Tuesday, October 18, 2016

Being the Bigger Person

A person could sit there and say that in a horrible situation, they could be the bigger person, but in reality, when a situation happens, everybody starts to feel the prickle of anger swipe through their blood stream. What do you do when your whole life is shattered by one single individual person’s words? I have always failed at letting things go.

It’s not for lack of trying.

I always like to think that I have a sensitive heart, and that when someone thinks it’s funny to put a person down, they are really only doing it because their life sucks. It’s worse when they say it in front of a five year old child. From the beginning I was always in the way. I stepped in to help, but being that I am the outsider I was the number one target.

It hurt my five year old, and it hurt me. I wanted so badly to scream and cuss. I wanted to cry, hadn’t I had enough of a crappy life before? Did I really do something to deserve someone else’s insecurities added to my list of failures?

We all have days where we feel incredible anger. It takes over our minds, and leaves us in a mindless daze of revenge and outrage. The biggest question is, do we hurt those around us, or simply let the anger go?

I wish I could say that I was the bigger person in every bad situation, but then I would have to add being a liar to my list of flaws. I want to say something.

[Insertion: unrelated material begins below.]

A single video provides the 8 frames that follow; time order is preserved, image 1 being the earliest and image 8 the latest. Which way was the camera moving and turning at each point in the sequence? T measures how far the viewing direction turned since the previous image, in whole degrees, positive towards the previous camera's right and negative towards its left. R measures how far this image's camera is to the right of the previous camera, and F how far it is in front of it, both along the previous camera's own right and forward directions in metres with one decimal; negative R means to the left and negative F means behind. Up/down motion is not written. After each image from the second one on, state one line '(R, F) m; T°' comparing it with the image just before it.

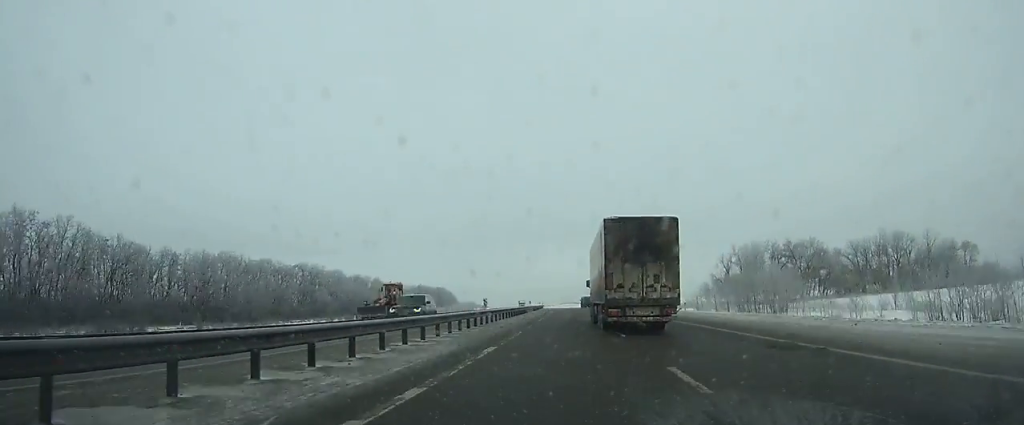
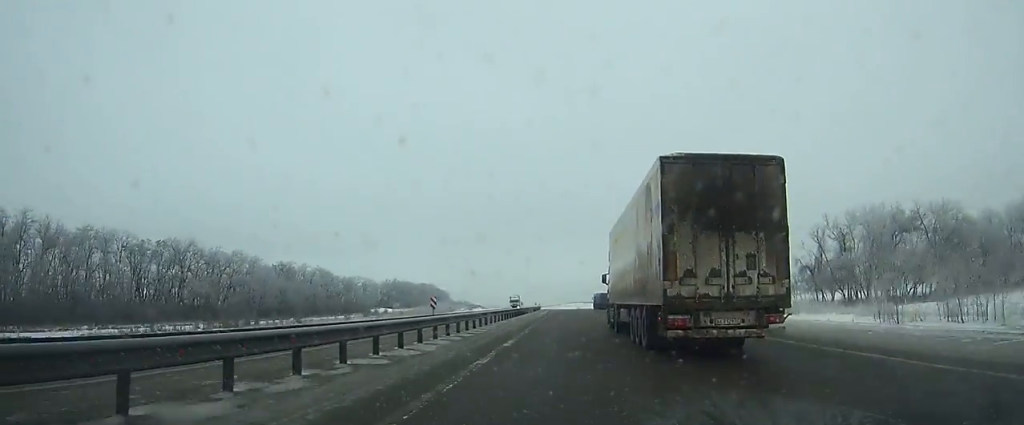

I want send a text, a message, or a phone call and tell them to keep their life to themselves, and that if they had a problem with me to simply tell me rather than spewing my name to the world and to a child.

When you tell a child something nasty about another person you are only adding to their hurt. I know this game though. I know the challenge you can face when trying to correct a person’s wrong. Even if your intentions are pure good, someone can change that and in the end you lose control, or become the bad person. I don’t want to lower myself in any way. I want to be better, do better, and show my five year old better.


I have to do something right, and the only way to do that is to step out of the immature shadow that was thrust my way and step into the light of a parent, the shoes that sometimes are too hard to fill, but have to in order to make sure that my daughter never feels that it is okay to follow in the footsteps of a bully, into the life of someone insecure.